• _What is expected_
In the entries below, count every line containing "style". Return the number and nothing else.

[Opening Supplied data section]

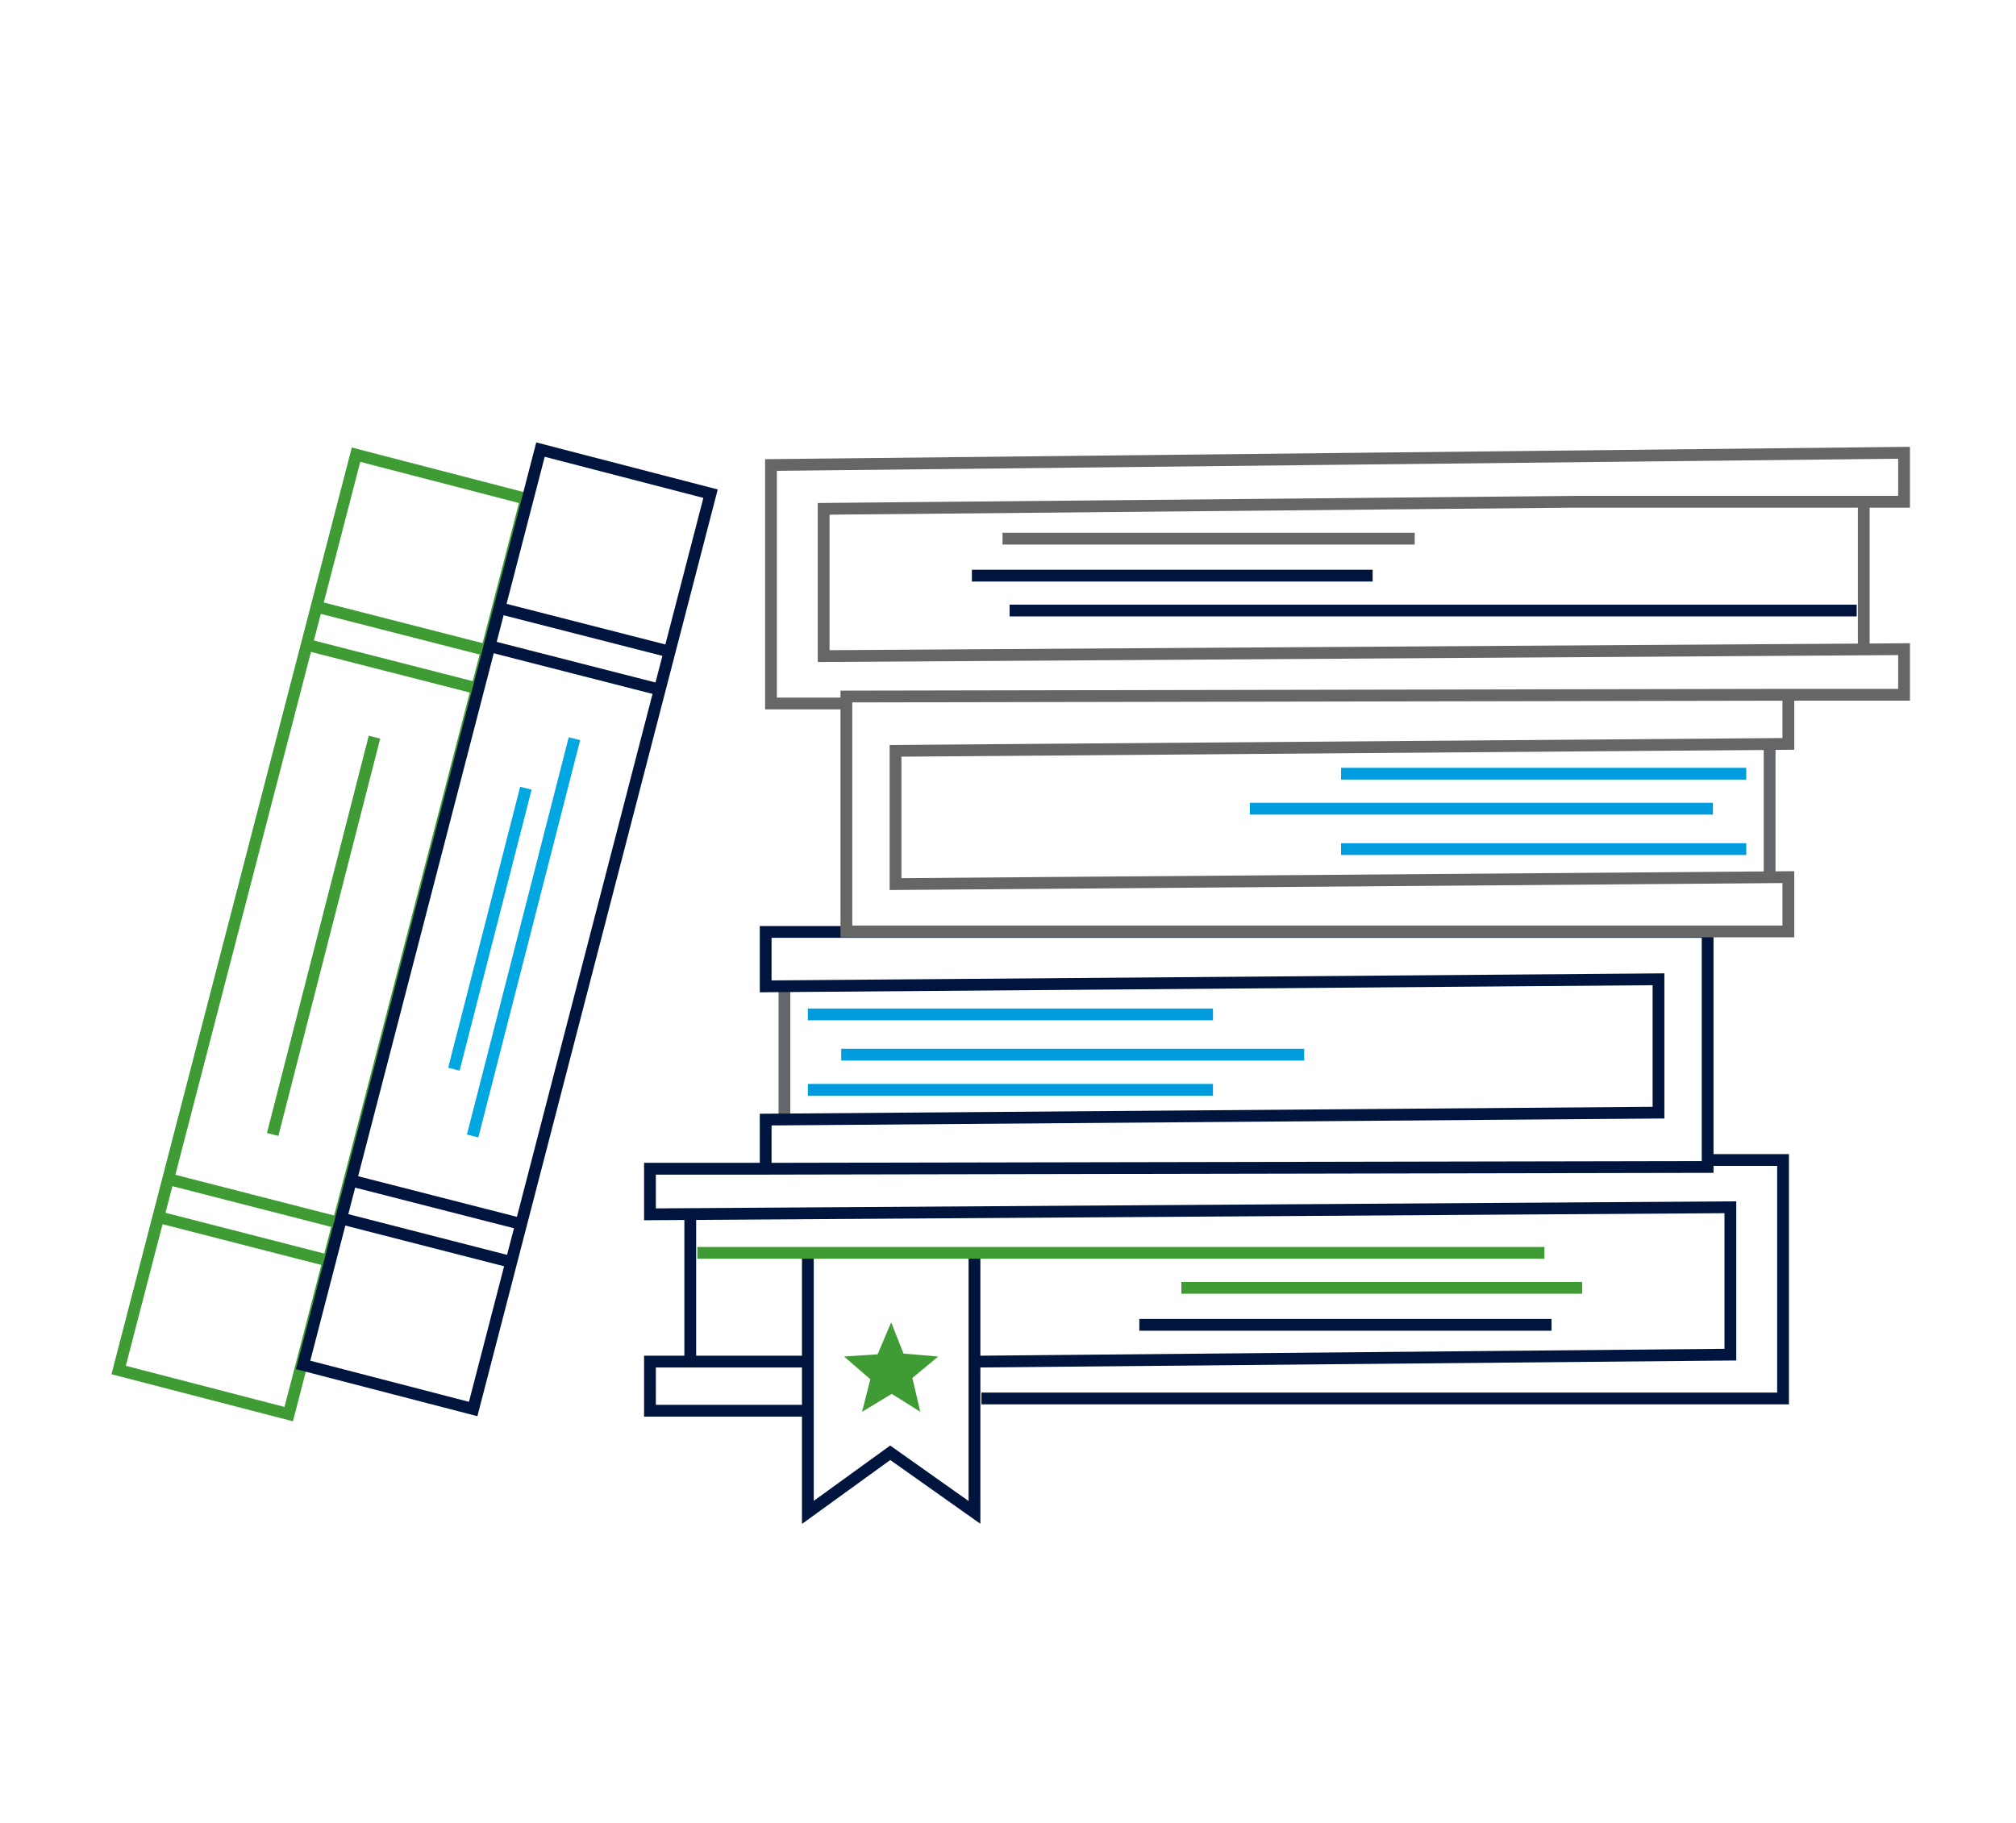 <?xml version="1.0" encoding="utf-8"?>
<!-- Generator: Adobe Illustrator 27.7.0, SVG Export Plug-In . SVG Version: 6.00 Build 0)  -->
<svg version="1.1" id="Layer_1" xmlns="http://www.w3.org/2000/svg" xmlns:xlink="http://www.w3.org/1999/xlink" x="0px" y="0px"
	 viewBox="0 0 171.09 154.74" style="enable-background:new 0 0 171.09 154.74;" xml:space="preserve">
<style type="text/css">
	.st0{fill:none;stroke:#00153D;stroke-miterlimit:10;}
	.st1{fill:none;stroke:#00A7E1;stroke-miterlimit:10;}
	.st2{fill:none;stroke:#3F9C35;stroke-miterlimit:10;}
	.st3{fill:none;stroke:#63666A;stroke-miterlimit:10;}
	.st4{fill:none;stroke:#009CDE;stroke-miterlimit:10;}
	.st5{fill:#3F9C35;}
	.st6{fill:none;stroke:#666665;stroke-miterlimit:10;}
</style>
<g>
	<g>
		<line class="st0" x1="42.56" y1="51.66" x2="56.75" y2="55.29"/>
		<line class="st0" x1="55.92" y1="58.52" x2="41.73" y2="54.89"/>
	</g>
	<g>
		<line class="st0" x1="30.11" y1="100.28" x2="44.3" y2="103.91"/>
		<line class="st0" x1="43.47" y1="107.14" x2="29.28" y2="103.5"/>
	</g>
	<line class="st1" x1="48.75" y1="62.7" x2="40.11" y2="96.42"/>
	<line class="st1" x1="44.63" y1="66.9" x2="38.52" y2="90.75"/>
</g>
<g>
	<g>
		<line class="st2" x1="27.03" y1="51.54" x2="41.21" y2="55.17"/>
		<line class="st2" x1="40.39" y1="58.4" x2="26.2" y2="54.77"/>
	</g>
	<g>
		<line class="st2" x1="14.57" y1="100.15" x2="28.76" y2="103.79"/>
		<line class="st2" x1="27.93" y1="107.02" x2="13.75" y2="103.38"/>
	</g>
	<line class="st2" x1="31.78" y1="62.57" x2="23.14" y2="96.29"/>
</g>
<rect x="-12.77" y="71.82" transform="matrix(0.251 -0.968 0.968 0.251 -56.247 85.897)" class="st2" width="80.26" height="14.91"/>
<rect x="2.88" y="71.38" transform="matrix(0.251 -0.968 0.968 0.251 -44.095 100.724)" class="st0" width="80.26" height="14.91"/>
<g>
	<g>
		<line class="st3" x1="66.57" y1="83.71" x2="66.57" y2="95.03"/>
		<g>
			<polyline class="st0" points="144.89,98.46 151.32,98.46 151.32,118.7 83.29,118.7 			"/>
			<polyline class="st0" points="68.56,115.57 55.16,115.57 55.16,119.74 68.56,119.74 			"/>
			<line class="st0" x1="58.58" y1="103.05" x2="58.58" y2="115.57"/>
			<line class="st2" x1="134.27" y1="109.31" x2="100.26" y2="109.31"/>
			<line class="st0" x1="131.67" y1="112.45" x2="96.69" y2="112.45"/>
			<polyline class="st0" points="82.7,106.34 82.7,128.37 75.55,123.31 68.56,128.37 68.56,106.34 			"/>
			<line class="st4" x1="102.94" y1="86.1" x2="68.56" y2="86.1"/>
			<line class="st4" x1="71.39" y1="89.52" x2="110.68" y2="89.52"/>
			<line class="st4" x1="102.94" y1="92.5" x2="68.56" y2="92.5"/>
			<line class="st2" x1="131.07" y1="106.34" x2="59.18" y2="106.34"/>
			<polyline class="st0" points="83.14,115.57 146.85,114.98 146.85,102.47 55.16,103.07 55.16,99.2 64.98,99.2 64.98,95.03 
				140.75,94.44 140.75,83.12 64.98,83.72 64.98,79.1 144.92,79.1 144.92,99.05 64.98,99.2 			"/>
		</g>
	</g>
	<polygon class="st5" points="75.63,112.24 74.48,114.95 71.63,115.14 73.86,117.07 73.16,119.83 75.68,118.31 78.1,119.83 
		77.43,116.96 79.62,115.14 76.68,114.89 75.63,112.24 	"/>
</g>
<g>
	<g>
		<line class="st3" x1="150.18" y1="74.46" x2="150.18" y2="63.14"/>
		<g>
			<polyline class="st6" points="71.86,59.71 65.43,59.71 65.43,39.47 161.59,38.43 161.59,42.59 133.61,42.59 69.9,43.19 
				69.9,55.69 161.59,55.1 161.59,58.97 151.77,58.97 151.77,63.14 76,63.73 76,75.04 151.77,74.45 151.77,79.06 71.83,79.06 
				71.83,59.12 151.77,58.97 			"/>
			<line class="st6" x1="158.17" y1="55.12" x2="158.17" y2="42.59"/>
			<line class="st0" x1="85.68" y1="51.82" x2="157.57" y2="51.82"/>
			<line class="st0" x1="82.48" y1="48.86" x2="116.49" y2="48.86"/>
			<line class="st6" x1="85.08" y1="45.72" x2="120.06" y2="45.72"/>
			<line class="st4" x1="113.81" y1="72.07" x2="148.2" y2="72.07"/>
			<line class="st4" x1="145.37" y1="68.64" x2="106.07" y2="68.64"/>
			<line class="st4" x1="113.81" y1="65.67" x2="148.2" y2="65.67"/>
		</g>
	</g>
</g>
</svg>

[Closing Supplied data section]

• _Solution_
3